╔══
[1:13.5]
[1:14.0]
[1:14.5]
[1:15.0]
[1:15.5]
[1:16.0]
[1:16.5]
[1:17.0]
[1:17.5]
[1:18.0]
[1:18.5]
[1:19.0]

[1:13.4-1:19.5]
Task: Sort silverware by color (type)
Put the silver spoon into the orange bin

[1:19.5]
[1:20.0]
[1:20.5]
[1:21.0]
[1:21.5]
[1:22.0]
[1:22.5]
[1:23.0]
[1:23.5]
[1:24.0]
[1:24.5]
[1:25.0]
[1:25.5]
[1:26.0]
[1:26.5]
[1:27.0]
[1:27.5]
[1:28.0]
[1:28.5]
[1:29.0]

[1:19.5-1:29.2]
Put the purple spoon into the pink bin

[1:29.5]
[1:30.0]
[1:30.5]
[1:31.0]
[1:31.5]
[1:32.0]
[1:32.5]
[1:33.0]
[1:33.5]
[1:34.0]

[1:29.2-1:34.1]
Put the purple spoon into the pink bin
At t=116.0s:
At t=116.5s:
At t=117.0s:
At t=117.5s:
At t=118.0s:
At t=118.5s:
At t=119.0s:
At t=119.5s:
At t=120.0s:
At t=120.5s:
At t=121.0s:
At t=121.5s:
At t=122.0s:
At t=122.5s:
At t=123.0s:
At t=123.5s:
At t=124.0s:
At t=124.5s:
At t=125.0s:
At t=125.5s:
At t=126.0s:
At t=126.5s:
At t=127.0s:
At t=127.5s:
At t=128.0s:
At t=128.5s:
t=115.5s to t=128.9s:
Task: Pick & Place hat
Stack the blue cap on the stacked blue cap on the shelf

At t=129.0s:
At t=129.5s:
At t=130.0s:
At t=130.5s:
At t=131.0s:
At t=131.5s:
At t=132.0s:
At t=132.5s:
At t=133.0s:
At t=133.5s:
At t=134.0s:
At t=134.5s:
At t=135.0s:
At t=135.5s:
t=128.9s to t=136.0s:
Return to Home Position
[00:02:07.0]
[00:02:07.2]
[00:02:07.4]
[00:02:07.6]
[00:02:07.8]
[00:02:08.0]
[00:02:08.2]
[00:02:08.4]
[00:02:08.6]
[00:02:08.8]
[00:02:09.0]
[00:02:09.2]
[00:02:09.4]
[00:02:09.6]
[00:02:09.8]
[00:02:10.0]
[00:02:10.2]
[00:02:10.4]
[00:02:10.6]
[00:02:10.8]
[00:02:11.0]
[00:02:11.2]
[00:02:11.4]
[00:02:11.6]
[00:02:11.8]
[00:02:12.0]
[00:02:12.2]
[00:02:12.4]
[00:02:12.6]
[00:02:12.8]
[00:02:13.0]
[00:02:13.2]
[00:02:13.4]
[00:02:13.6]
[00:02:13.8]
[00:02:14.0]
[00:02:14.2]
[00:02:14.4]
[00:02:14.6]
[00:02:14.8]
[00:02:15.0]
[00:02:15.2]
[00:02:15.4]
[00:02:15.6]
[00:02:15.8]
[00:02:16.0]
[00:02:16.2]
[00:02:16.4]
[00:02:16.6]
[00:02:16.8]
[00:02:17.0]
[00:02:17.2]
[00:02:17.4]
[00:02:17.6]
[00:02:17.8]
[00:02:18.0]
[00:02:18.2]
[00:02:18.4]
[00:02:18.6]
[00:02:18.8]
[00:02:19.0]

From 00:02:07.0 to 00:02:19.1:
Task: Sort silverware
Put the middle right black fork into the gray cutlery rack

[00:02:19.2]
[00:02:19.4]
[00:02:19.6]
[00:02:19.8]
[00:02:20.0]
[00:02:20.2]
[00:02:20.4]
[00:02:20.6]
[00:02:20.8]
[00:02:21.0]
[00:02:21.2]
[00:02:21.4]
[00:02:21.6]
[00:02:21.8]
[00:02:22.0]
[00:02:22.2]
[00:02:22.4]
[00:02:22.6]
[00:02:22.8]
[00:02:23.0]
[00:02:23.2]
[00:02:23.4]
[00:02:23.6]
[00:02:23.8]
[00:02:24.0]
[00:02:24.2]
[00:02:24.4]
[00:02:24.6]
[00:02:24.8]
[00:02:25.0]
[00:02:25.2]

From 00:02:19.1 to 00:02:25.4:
╚══
▸ **TO DO**: Return every line of the material exactly.

▸ **SOLUTION TO THE EXERCISE**:
[1:13.5]
[1:14.0]
[1:14.5]
[1:15.0]
[1:15.5]
[1:16.0]
[1:16.5]
[1:17.0]
[1:17.5]
[1:18.0]
[1:18.5]
[1:19.0]

[1:13.4-1:19.5]
Task: Sort silverware by color (type)
Put the silver spoon into the orange bin

[1:19.5]
[1:20.0]
[1:20.5]
[1:21.0]
[1:21.5]
[1:22.0]
[1:22.5]
[1:23.0]
[1:23.5]
[1:24.0]
[1:24.5]
[1:25.0]
[1:25.5]
[1:26.0]
[1:26.5]
[1:27.0]
[1:27.5]
[1:28.0]
[1:28.5]
[1:29.0]

[1:19.5-1:29.2]
Put the purple spoon into the pink bin

[1:29.5]
[1:30.0]
[1:30.5]
[1:31.0]
[1:31.5]
[1:32.0]
[1:32.5]
[1:33.0]
[1:33.5]
[1:34.0]

[1:29.2-1:34.1]
Put the purple spoon into the pink bin
At t=116.0s:
At t=116.5s:
At t=117.0s:
At t=117.5s:
At t=118.0s:
At t=118.5s:
At t=119.0s:
At t=119.5s:
At t=120.0s:
At t=120.5s:
At t=121.0s:
At t=121.5s:
At t=122.0s:
At t=122.5s:
At t=123.0s:
At t=123.5s:
At t=124.0s:
At t=124.5s:
At t=125.0s:
At t=125.5s:
At t=126.0s:
At t=126.5s:
At t=127.0s:
At t=127.5s:
At t=128.0s:
At t=128.5s:
t=115.5s to t=128.9s:
Task: Pick & Place hat
Stack the blue cap on the stacked blue cap on the shelf

At t=129.0s:
At t=129.5s:
At t=130.0s:
At t=130.5s:
At t=131.0s:
At t=131.5s:
At t=132.0s:
At t=132.5s:
At t=133.0s:
At t=133.5s:
At t=134.0s:
At t=134.5s:
At t=135.0s:
At t=135.5s:
t=128.9s to t=136.0s:
Return to Home Position
[00:02:07.0]
[00:02:07.2]
[00:02:07.4]
[00:02:07.6]
[00:02:07.8]
[00:02:08.0]
[00:02:08.2]
[00:02:08.4]
[00:02:08.6]
[00:02:08.8]
[00:02:09.0]
[00:02:09.2]
[00:02:09.4]
[00:02:09.6]
[00:02:09.8]
[00:02:10.0]
[00:02:10.2]
[00:02:10.4]
[00:02:10.6]
[00:02:10.8]
[00:02:11.0]
[00:02:11.2]
[00:02:11.4]
[00:02:11.6]
[00:02:11.8]
[00:02:12.0]
[00:02:12.2]
[00:02:12.4]
[00:02:12.6]
[00:02:12.8]
[00:02:13.0]
[00:02:13.2]
[00:02:13.4]
[00:02:13.6]
[00:02:13.8]
[00:02:14.0]
[00:02:14.2]
[00:02:14.4]
[00:02:14.6]
[00:02:14.8]
[00:02:15.0]
[00:02:15.2]
[00:02:15.4]
[00:02:15.6]
[00:02:15.8]
[00:02:16.0]
[00:02:16.2]
[00:02:16.4]
[00:02:16.6]
[00:02:16.8]
[00:02:17.0]
[00:02:17.2]
[00:02:17.4]
[00:02:17.6]
[00:02:17.8]
[00:02:18.0]
[00:02:18.2]
[00:02:18.4]
[00:02:18.6]
[00:02:18.8]
[00:02:19.0]

From 00:02:07.0 to 00:02:19.1:
Task: Sort silverware
Put the middle right black fork into the gray cutlery rack

[00:02:19.2]
[00:02:19.4]
[00:02:19.6]
[00:02:19.8]
[00:02:20.0]
[00:02:20.2]
[00:02:20.4]
[00:02:20.6]
[00:02:20.8]
[00:02:21.0]
[00:02:21.2]
[00:02:21.4]
[00:02:21.6]
[00:02:21.8]
[00:02:22.0]
[00:02:22.2]
[00:02:22.4]
[00:02:22.6]
[00:02:22.8]
[00:02:23.0]
[00:02:23.2]
[00:02:23.4]
[00:02:23.6]
[00:02:23.8]
[00:02:24.0]
[00:02:24.2]
[00:02:24.4]
[00:02:24.6]
[00:02:24.8]
[00:02:25.0]
[00:02:25.2]

From 00:02:19.1 to 00:02:25.4:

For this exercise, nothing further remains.